A-F The relative expression levels of six key genes in the Sham group and the SCI group rats (One-way ANOVA, n = 6/group). G-L The relative expression levels of six key genes in primary spinal cord neuron cell between control group and glutamate stimulation group (Unpaired student T-test, n = 3/group). SCI, spinal cord injury; Con, control group; Glu, Glutamate stimulation group; * P < 0.05, ** P < 0.01, *** P < 0.001.

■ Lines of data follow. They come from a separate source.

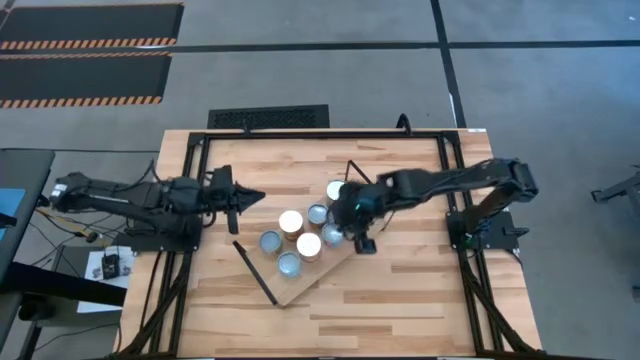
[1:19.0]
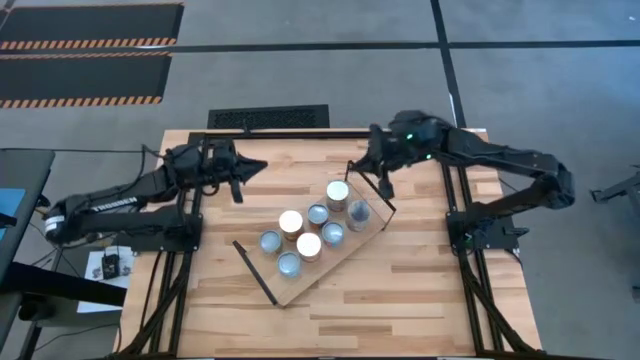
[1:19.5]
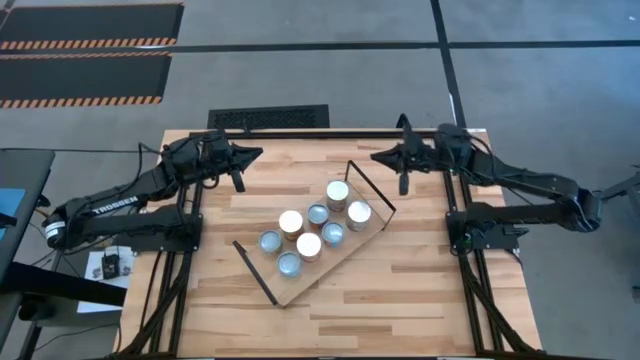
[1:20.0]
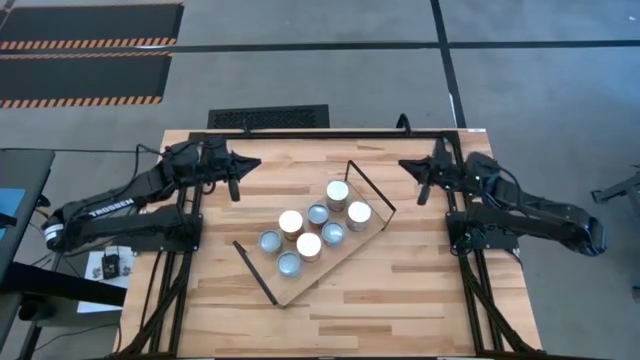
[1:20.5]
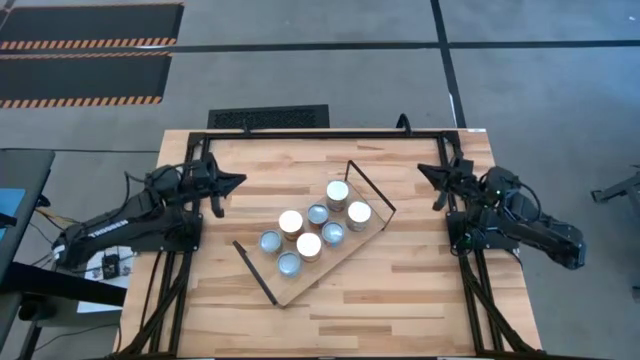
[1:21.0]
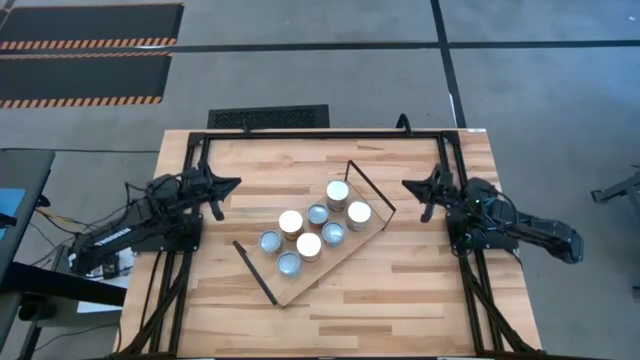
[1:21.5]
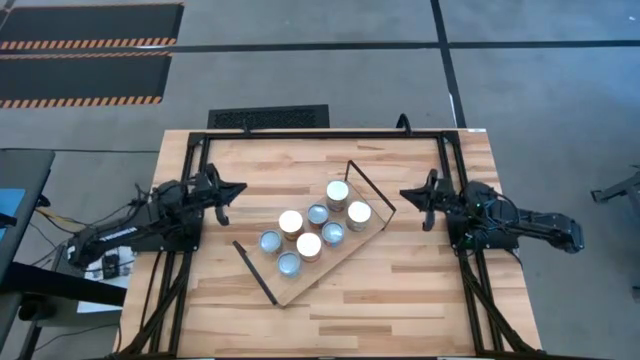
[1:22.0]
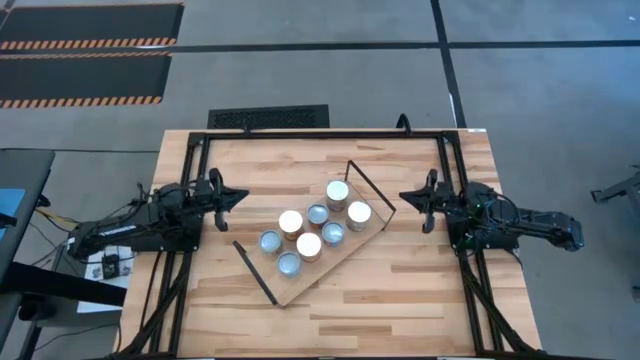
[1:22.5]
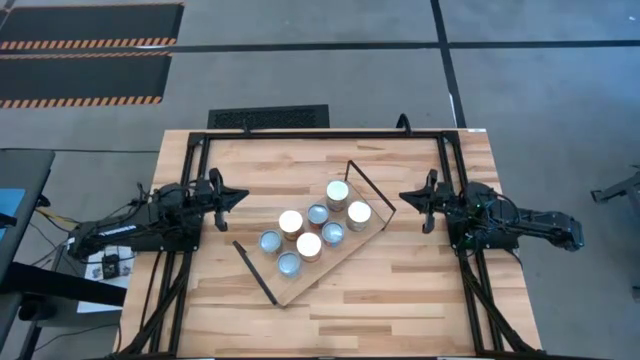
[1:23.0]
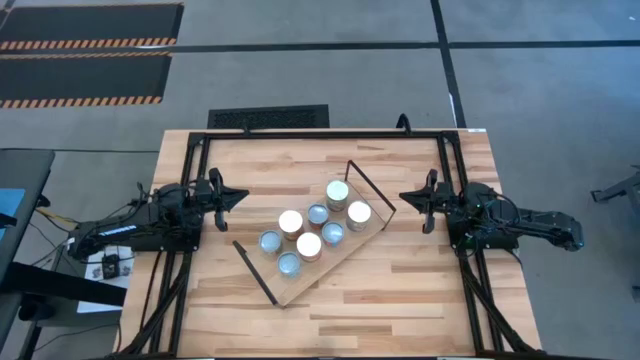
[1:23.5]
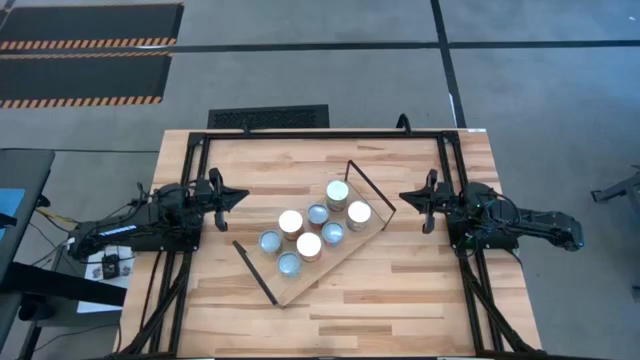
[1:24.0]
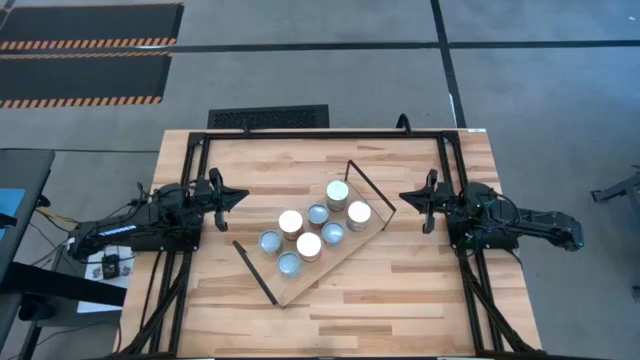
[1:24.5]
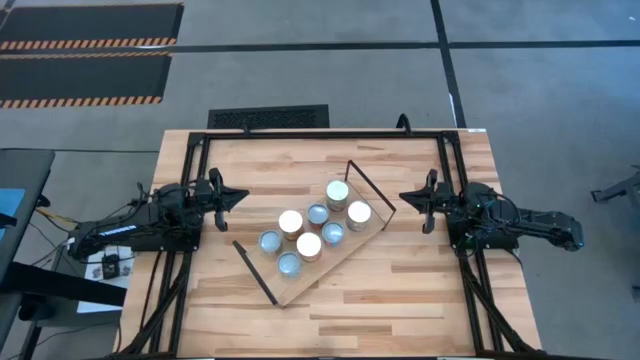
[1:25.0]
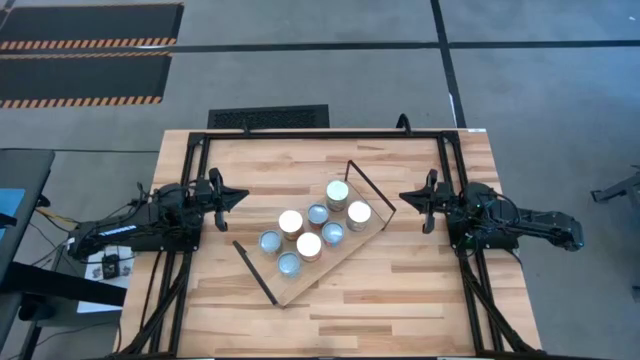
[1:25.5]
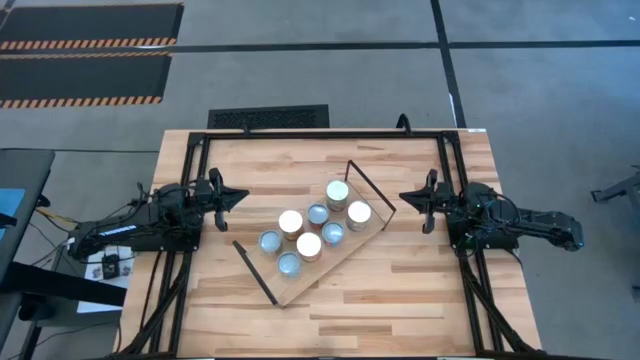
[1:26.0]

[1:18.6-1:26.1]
Return to Home Position

https://doi.org/10.1371/journal.pone.0303235.g007

Correlation analysis between key genes and autophagy

The results of the GO enrichment analysis of candidate genes were used to explore the correlation between candidate genes and autophagy caused by excitotoxicity. A total of seven GO Biological Processes were autophagy-related, including Regulation of Apoptotic Signaling Pathway, Macroautophagy, Regulation of Macroautophagy, Regulation of Intrinsic Apoptotic Signaling Pathway, Cell Killing, Cellular Response to Oxidative Stress, and Positive Regulation of Tumor Necrosis Factor Production (Fig 8A). Chordal Graph suggested that Hspb1 and Lgals3 were strongly correlated with autophagy. Hspb1 plays an important role in these pathways, Positive Regulation of Tumor Necrosis Factor Production, Cellular Response to Oxidative Stress, Regulation of Intrinsic Apoptotic Signaling Pathway, and Regulation of Apoptotic Signaling Pathway. Lgals3 plays an important role in Regulation of Intrinsic Apoptotic Signaling Pathway and Regulation of Apoptotic Signaling Pathway. Additionally, we detected the expression levels of autophagy marker Beclin-1, Hspb1 and Lgals3 by enzyme-linked immunosorbent assay (ELISA) under different glutamate stimulation time, and found that their expression levels increased with the stimulation time (Fig 8B–8D). Through correlation analysis, Beclin-1, Hspb1 and Lgals3 have significant positive correlation with each other (Fig 8E–8G).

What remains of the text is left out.